** Exercise data follows **

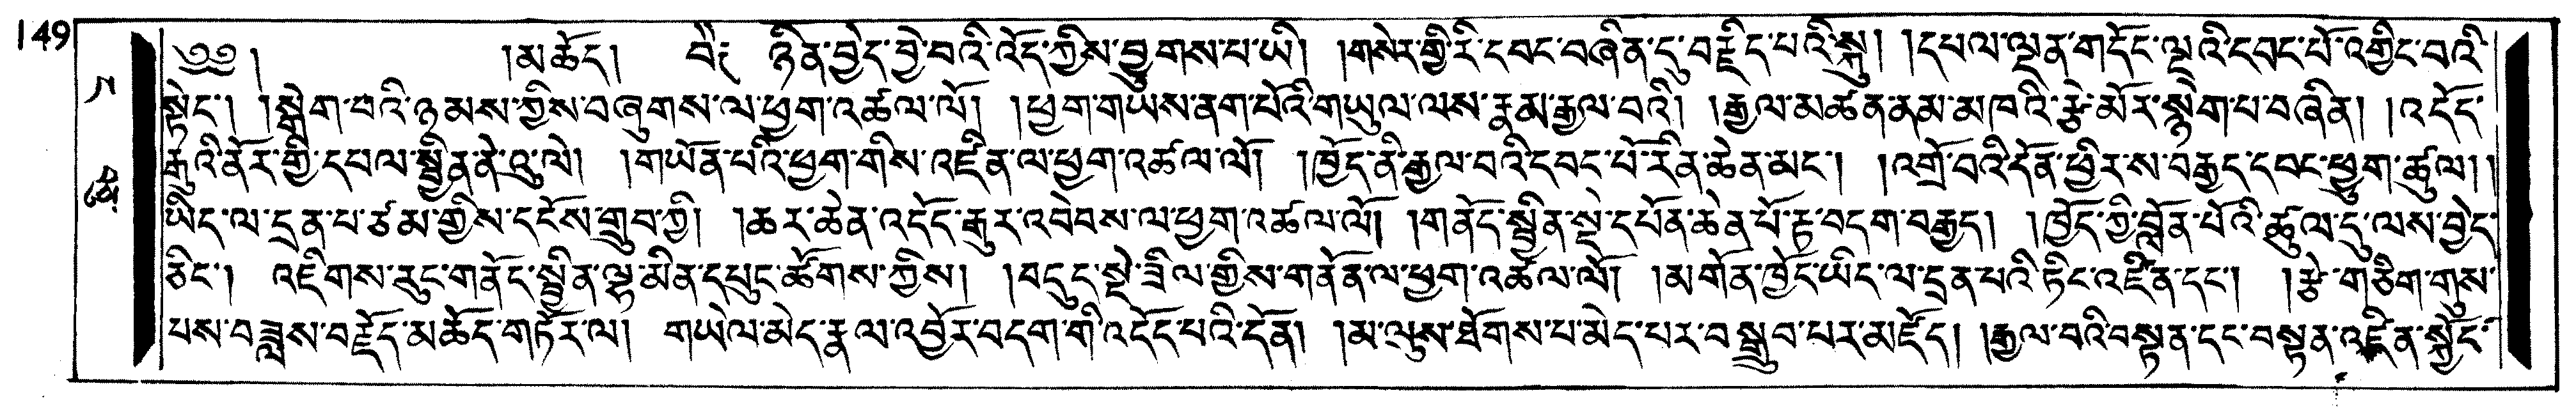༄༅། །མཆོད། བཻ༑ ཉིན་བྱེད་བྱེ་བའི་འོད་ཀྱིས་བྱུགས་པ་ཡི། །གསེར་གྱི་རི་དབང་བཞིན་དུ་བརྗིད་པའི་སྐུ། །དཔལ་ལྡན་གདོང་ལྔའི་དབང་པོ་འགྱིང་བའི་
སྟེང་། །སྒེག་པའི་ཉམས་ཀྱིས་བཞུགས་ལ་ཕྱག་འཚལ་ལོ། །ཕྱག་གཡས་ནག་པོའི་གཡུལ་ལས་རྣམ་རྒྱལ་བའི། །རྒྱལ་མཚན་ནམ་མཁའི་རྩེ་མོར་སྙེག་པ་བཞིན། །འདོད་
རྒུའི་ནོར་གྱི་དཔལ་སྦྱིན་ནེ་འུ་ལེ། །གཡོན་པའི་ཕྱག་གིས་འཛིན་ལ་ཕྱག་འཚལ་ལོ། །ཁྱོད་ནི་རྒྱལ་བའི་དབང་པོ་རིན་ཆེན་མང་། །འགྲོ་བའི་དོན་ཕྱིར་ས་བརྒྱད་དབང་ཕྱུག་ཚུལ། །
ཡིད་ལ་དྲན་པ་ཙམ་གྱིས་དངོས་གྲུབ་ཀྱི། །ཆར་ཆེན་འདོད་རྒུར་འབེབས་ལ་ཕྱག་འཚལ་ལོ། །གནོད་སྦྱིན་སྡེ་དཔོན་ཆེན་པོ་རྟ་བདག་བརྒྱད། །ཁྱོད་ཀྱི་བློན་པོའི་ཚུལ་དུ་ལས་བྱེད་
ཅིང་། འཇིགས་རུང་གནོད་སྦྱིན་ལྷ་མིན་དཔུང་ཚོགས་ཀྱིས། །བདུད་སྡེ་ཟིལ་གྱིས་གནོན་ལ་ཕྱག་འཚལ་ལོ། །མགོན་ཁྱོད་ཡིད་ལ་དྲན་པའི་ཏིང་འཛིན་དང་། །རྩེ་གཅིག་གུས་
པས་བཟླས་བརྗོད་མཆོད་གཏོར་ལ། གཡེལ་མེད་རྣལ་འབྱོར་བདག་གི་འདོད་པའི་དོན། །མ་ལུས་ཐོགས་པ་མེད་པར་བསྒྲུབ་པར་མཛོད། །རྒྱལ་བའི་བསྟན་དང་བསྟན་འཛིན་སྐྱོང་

** End of Exercise data **

**Requirement**
Retype the listing above exactly, pictures excluded.

**Exercise output**
༄༅། །མཆོད། བཻ༑ ཉིན་བྱེད་བྱེ་བའི་འོད་ཀྱིས་བྱུགས་པ་ཡི། །གསེར་གྱི་རི་དབང་བཞིན་དུ་བརྗིད་པའི་སྐུ། །དཔལ་ལྡན་གདོང་ལྔའི་དབང་པོ་འགྱིང་བའི་
སྟེང་། །སྒེག་པའི་ཉམས་ཀྱིས་བཞུགས་ལ་ཕྱག་འཚལ་ལོ། །ཕྱག་གཡས་ནག་པོའི་གཡུལ་ལས་རྣམ་རྒྱལ་བའི། །རྒྱལ་མཚན་ནམ་མཁའི་རྩེ་མོར་སྙེག་པ་བཞིན། །འདོད་
རྒུའི་ནོར་གྱི་དཔལ་སྦྱིན་ནེ་འུ་ལེ། །གཡོན་པའི་ཕྱག་གིས་འཛིན་ལ་ཕྱག་འཚལ་ལོ། །ཁྱོད་ནི་རྒྱལ་བའི་དབང་པོ་རིན་ཆེན་མང་། །འགྲོ་བའི་དོན་ཕྱིར་ས་བརྒྱད་དབང་ཕྱུག་ཚུལ། །
ཡིད་ལ་དྲན་པ་ཙམ་གྱིས་དངོས་གྲུབ་ཀྱི། །ཆར་ཆེན་འདོད་རྒུར་འབེབས་ལ་ཕྱག་འཚལ་ལོ། །གནོད་སྦྱིན་སྡེ་དཔོན་ཆེན་པོ་རྟ་བདག་བརྒྱད། །ཁྱོད་ཀྱི་བློན་པོའི་ཚུལ་དུ་ལས་བྱེད་
ཅིང་། འཇིགས་རུང་གནོད་སྦྱིན་ལྷ་མིན་དཔུང་ཚོགས་ཀྱིས། །བདུད་སྡེ་ཟིལ་གྱིས་གནོན་ལ་ཕྱག་འཚལ་ལོ། །མགོན་ཁྱོད་ཡིད་ལ་དྲན་པའི་ཏིང་འཛིན་དང་། །རྩེ་གཅིག་གུས་
པས་བཟླས་བརྗོད་མཆོད་གཏོར་ལ། གཡེལ་མེད་རྣལ་འབྱོར་བདག་གི་འདོད་པའི་དོན། །མ་ལུས་ཐོགས་པ་མེད་པར་བསྒྲུབ་པར་མཛོད། །རྒྱལ་བའི་བསྟན་དང་བསྟན་འཛིན་སྐྱོང་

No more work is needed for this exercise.